### WHAT THE TASK ASKS
Every line of the data is to be transcribed as it stands.

### PROVIDED DATA
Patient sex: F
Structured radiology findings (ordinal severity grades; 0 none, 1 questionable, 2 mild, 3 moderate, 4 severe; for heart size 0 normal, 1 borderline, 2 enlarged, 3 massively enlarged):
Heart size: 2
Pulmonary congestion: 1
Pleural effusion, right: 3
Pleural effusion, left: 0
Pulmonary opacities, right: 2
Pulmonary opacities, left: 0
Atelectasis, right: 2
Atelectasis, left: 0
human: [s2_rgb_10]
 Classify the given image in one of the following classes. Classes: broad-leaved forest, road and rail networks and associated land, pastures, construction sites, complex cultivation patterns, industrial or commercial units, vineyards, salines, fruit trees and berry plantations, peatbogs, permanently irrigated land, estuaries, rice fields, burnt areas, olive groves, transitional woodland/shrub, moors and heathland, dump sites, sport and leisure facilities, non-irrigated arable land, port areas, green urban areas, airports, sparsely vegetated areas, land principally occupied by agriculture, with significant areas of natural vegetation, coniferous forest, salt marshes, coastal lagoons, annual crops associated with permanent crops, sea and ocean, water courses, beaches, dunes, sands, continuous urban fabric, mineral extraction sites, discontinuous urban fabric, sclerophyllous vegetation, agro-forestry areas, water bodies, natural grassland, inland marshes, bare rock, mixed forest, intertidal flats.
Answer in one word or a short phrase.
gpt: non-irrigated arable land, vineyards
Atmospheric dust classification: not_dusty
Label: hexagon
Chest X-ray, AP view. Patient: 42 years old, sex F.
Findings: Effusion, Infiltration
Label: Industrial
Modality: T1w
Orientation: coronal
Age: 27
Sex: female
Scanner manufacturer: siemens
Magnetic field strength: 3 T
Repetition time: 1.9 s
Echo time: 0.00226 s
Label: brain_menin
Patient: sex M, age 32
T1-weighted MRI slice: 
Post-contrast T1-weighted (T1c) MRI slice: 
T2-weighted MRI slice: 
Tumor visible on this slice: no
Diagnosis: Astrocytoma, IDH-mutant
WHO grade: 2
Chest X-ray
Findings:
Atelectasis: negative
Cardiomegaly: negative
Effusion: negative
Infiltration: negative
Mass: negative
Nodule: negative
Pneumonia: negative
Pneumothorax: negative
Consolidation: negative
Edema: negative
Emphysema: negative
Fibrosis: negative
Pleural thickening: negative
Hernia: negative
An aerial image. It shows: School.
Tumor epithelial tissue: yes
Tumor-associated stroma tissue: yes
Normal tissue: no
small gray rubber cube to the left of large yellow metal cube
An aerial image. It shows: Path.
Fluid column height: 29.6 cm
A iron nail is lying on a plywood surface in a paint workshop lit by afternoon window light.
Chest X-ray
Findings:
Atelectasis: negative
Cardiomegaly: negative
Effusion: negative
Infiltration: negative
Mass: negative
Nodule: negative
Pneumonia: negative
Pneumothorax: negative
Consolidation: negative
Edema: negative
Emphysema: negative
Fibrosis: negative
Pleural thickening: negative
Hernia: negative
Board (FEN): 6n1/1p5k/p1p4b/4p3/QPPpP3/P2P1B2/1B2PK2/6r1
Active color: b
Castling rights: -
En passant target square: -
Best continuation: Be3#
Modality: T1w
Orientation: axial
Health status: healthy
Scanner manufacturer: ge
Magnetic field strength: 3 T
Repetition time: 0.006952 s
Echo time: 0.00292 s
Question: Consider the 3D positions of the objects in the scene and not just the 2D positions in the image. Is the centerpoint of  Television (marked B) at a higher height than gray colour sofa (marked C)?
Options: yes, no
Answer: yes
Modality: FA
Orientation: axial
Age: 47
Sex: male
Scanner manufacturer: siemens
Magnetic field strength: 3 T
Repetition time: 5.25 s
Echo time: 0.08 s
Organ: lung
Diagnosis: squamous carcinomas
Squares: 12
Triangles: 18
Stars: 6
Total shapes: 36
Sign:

### OUTPUT OF THE TASK
Patient sex: F
Structured radiology findings (ordinal severity grades; 0 none, 1 questionable, 2 mild, 3 moderate, 4 severe; for heart size 0 normal, 1 borderline, 2 enlarged, 3 massively enlarged):
Heart size: 2
Pulmonary congestion: 1
Pleural effusion, right: 3
Pleural effusion, left: 0
Pulmonary opacities, right: 2
Pulmonary opacities, left: 0
Atelectasis, right: 2
Atelectasis, left: 0
human: [s2_rgb_10]
 Classify the given image in one of the following classes. Classes: broad-leaved forest, road and rail networks and associated land, pastures, construction sites, complex cultivation patterns, industrial or commercial units, vineyards, salines, fruit trees and berry plantations, peatbogs, permanently irrigated land, estuaries, rice fields, burnt areas, olive groves, transitional woodland/shrub, moors and heathland, dump sites, sport and leisure facilities, non-irrigated arable land, port areas, green urban areas, airports, sparsely vegetated areas, land principally occupied by agriculture, with significant areas of natural vegetation, coniferous forest, salt marshes, coastal lagoons, annual crops associated with permanent crops, sea and ocean, water courses, beaches, dunes, sands, continuous urban fabric, mineral extraction sites, discontinuous urban fabric, sclerophyllous vegetation, agro-forestry areas, water bodies, natural grassland, inland marshes, bare rock, mixed forest, intertidal flats.
Answer in one word or a short phrase.
gpt: non-irrigated arable land, vineyards
Atmospheric dust classification: not_dusty
Label: hexagon
Chest X-ray, AP view. Patient: 42 years old, sex F.
Findings: Effusion, Infiltration
Label: Industrial
Modality: T1w
Orientation: coronal
Age: 27
Sex: female
Scanner manufacturer: siemens
Magnetic field strength: 3 T
Repetition time: 1.9 s
Echo time: 0.00226 s
Label: brain_menin
Patient: sex M, age 32
T1-weighted MRI slice: 
Post-contrast T1-weighted (T1c) MRI slice: 
T2-weighted MRI slice: 
Tumor visible on this slice: no
Diagnosis: Astrocytoma, IDH-mutant
WHO grade: 2
Chest X-ray
Findings:
Atelectasis: negative
Cardiomegaly: negative
Effusion: negative
Infiltration: negative
Mass: negative
Nodule: negative
Pneumonia: negative
Pneumothorax: negative
Consolidation: negative
Edema: negative
Emphysema: negative
Fibrosis: negative
Pleural thickening: negative
Hernia: negative
An aerial image. It shows: School.
Tumor epithelial tissue: yes
Tumor-associated stroma tissue: yes
Normal tissue: no
small gray rubber cube to the left of large yellow metal cube
An aerial image. It shows: Path.
Fluid column height: 29.6 cm
A iron nail is lying on a plywood surface in a paint workshop lit by afternoon window light.
Chest X-ray
Findings:
Atelectasis: negative
Cardiomegaly: negative
Effusion: negative
Infiltration: negative
Mass: negative
Nodule: negative
Pneumonia: negative
Pneumothorax: negative
Consolidation: negative
Edema: negative
Emphysema: negative
Fibrosis: negative
Pleural thickening: negative
Hernia: negative
Board (FEN): 6n1/1p5k/p1p4b/4p3/QPPpP3/P2P1B2/1B2PK2/6r1
Active color: b
Castling rights: -
En passant target square: -
Best continuation: Be3#
Modality: T1w
Orientation: axial
Health status: healthy
Scanner manufacturer: ge
Magnetic field strength: 3 T
Repetition time: 0.006952 s
Echo time: 0.00292 s
Question: Consider the 3D positions of the objects in the scene and not just the 2D positions in the image. Is the centerpoint of  Television (marked B) at a higher height than gray colour sofa (marked C)?
Options: yes, no
Answer: yes
Modality: FA
Orientation: axial
Age: 47
Sex: male
Scanner manufacturer: siemens
Magnetic field strength: 3 T
Repetition time: 5.25 s
Echo time: 0.08 s
Organ: lung
Diagnosis: squamous carcinomas
Squares: 12
Triangles: 18
Stars: 6
Total shapes: 36
Sign:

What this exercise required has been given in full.